Work item - Please give the whole listing again exactly, without any of its pictures.

Material provided -
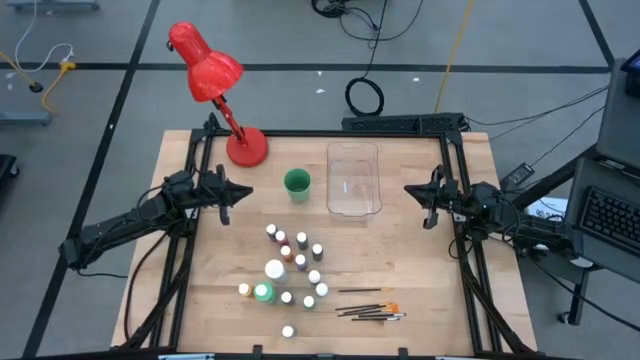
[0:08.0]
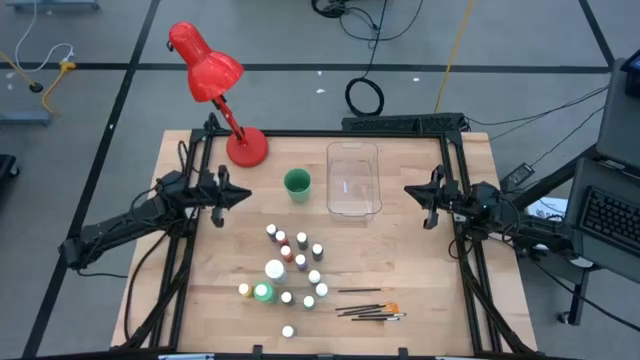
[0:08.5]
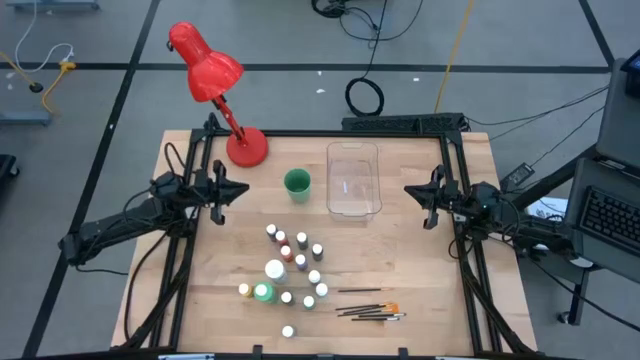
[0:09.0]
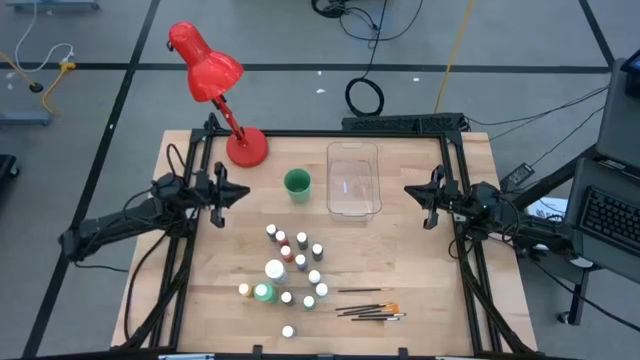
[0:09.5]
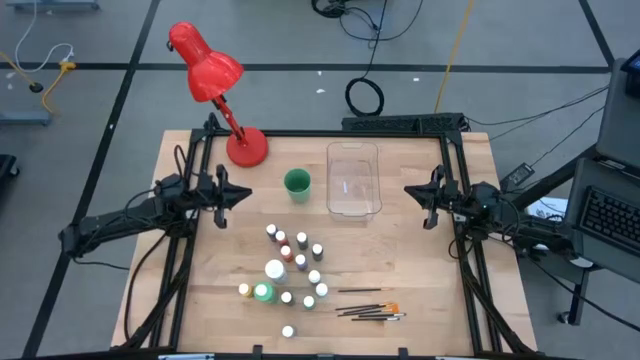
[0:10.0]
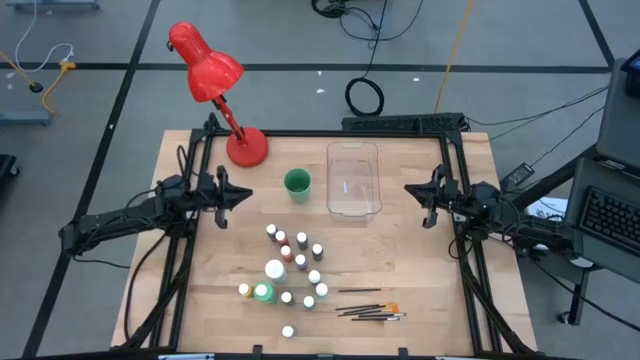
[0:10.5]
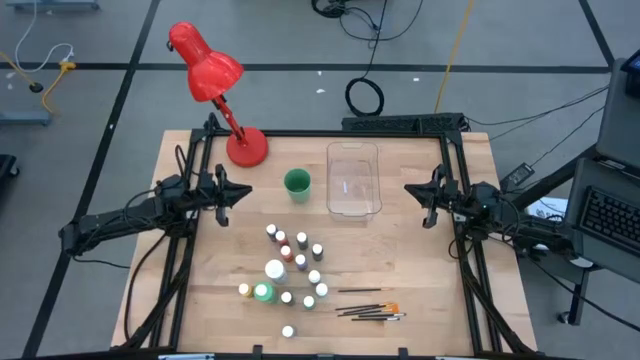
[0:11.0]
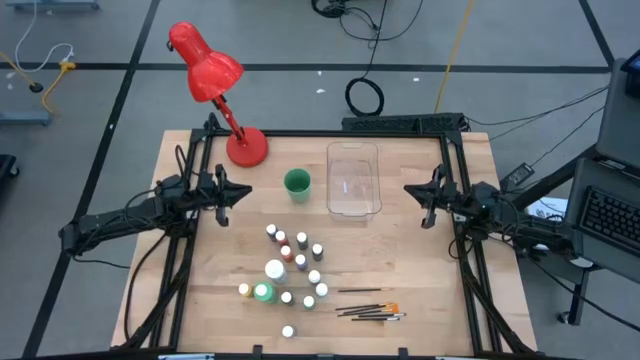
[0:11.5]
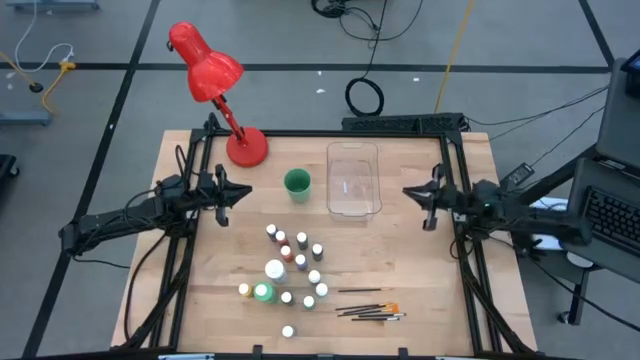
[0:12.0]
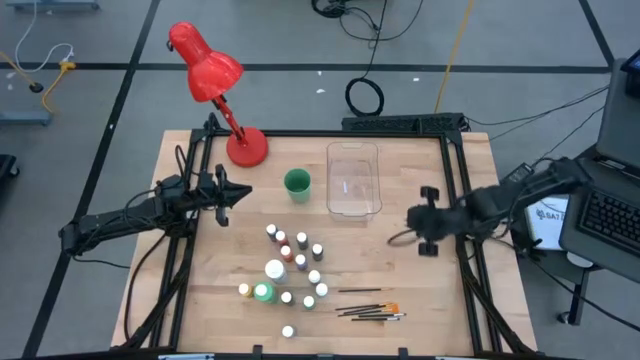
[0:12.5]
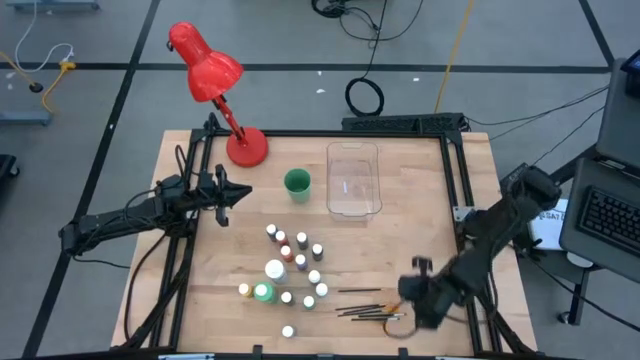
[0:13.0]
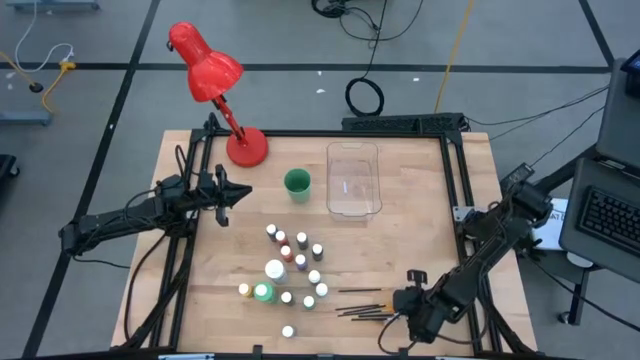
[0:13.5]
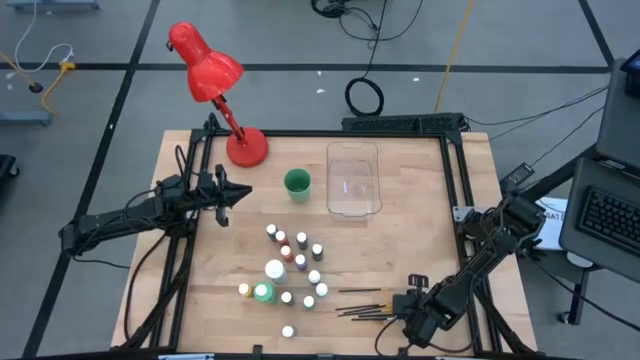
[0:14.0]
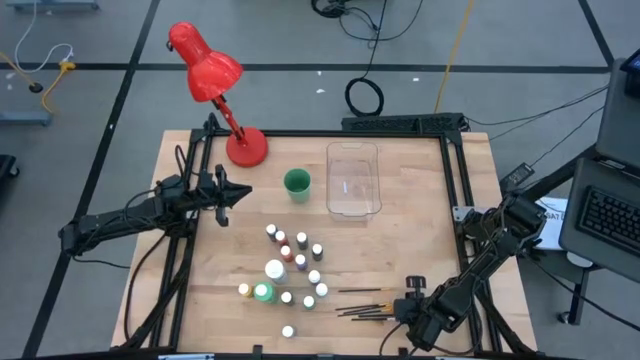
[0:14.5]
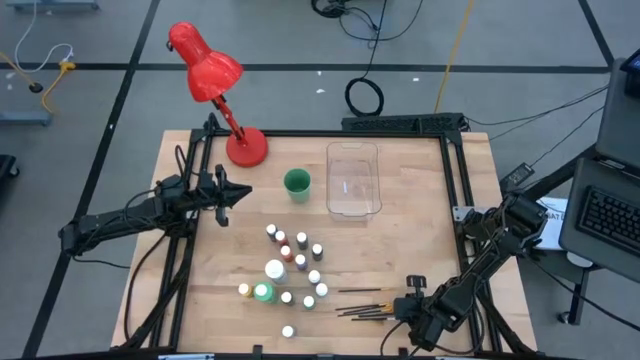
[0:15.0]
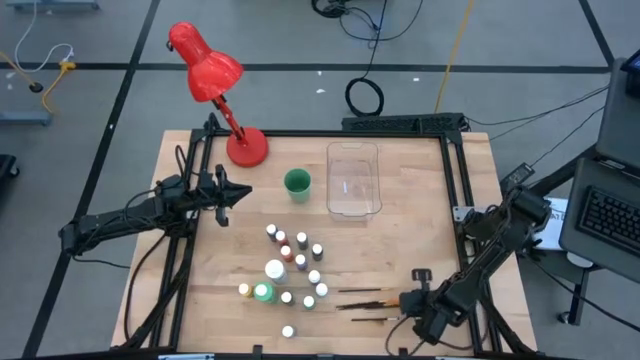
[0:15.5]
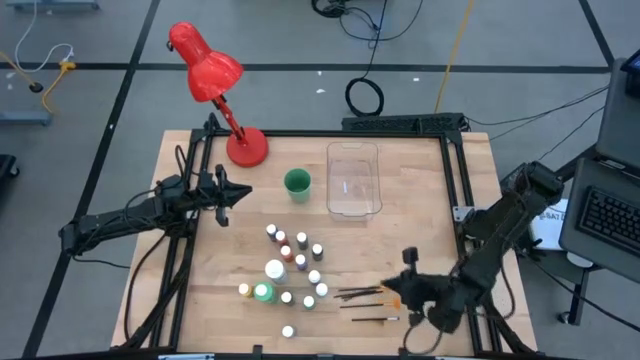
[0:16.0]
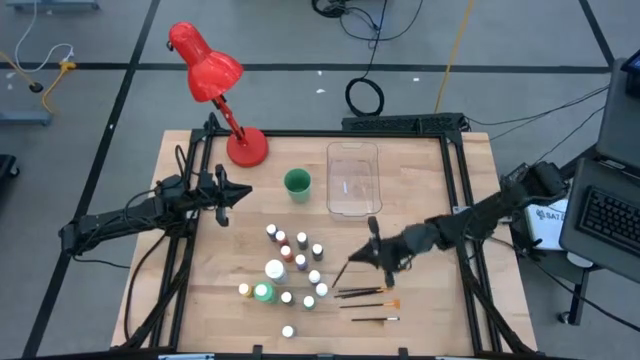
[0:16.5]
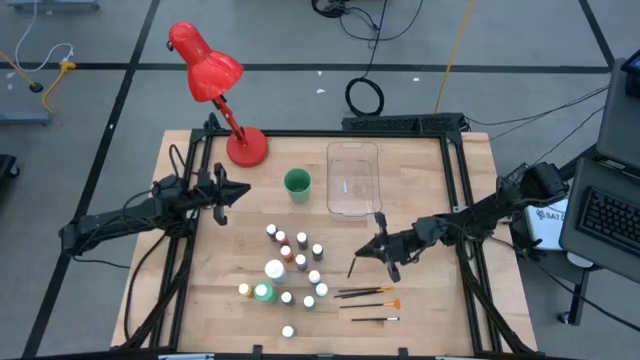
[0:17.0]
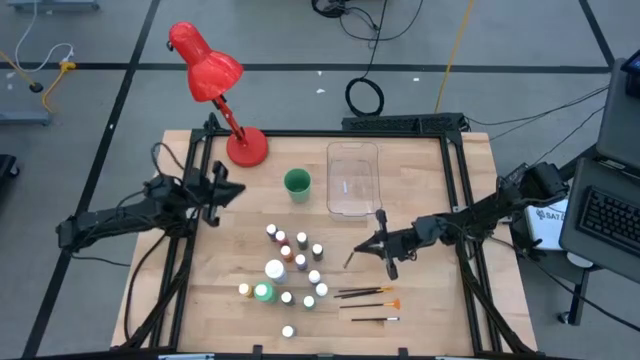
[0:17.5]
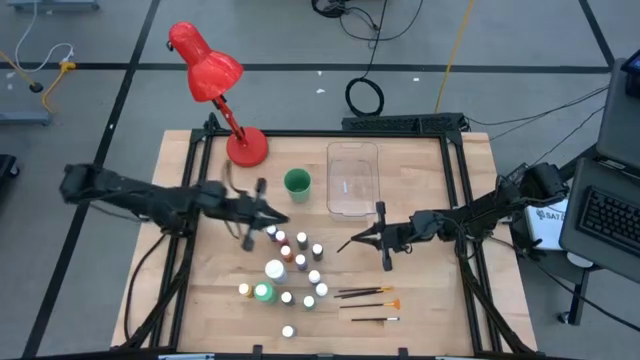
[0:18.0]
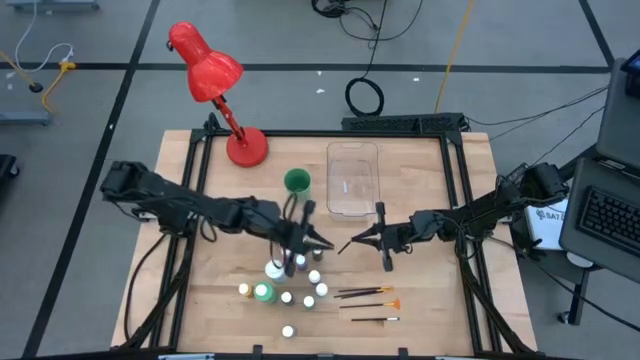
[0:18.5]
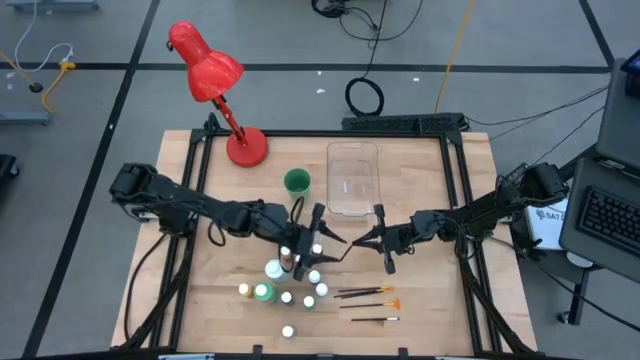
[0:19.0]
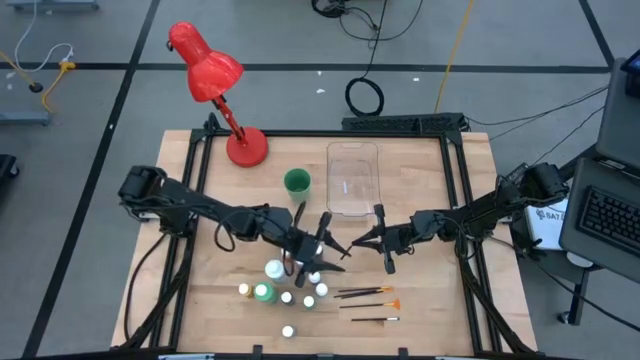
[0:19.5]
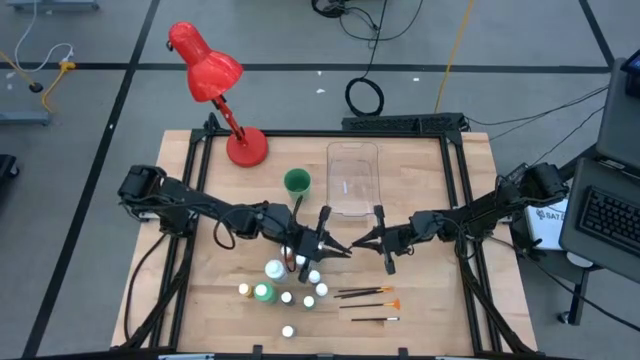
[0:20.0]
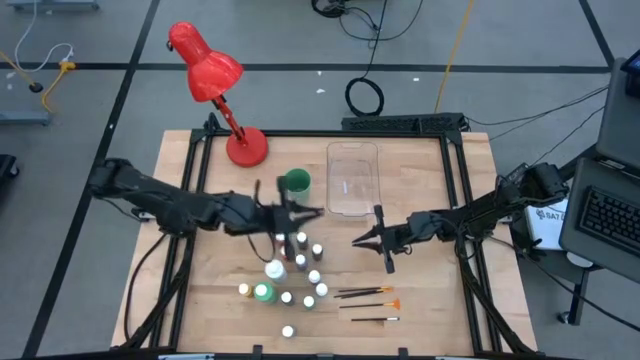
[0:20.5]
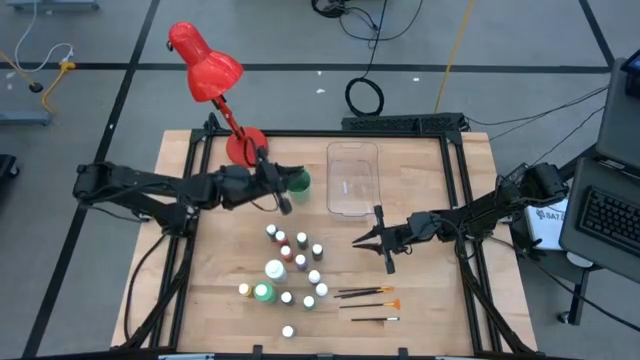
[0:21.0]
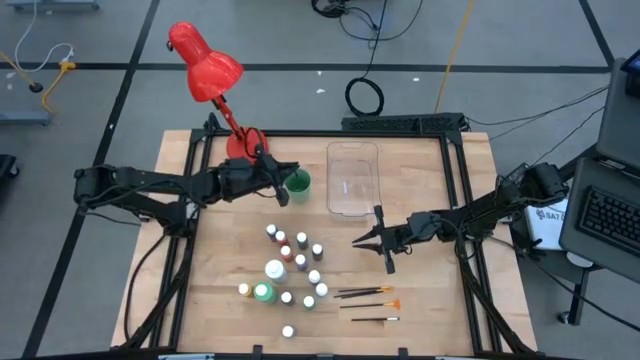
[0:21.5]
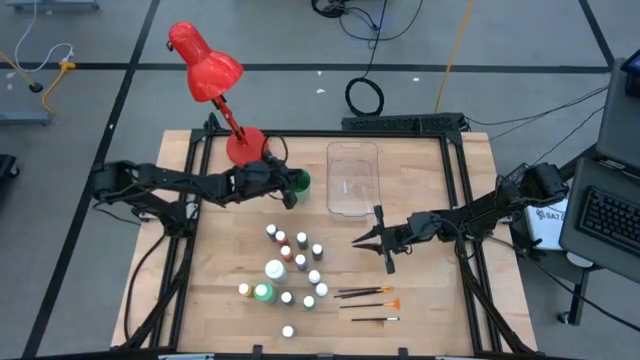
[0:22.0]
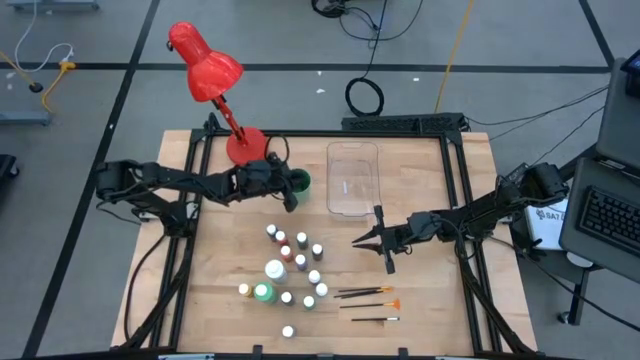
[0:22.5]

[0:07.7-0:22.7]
Task: Pick & Place Paint Supplies
Put the black paint brush into the green cup

Answer below -
[0:08.0]
[0:08.5]
[0:09.0]
[0:09.5]
[0:10.0]
[0:10.5]
[0:11.0]
[0:11.5]
[0:12.0]
[0:12.5]
[0:13.0]
[0:13.5]
[0:14.0]
[0:14.5]
[0:15.0]
[0:15.5]
[0:16.0]
[0:16.5]
[0:17.0]
[0:17.5]
[0:18.0]
[0:18.5]
[0:19.0]
[0:19.5]
[0:20.0]
[0:20.5]
[0:21.0]
[0:21.5]
[0:22.0]
[0:22.5]

[0:07.7-0:22.7]
Task: Pick & Place Paint Supplies
Put the black paint brush into the green cup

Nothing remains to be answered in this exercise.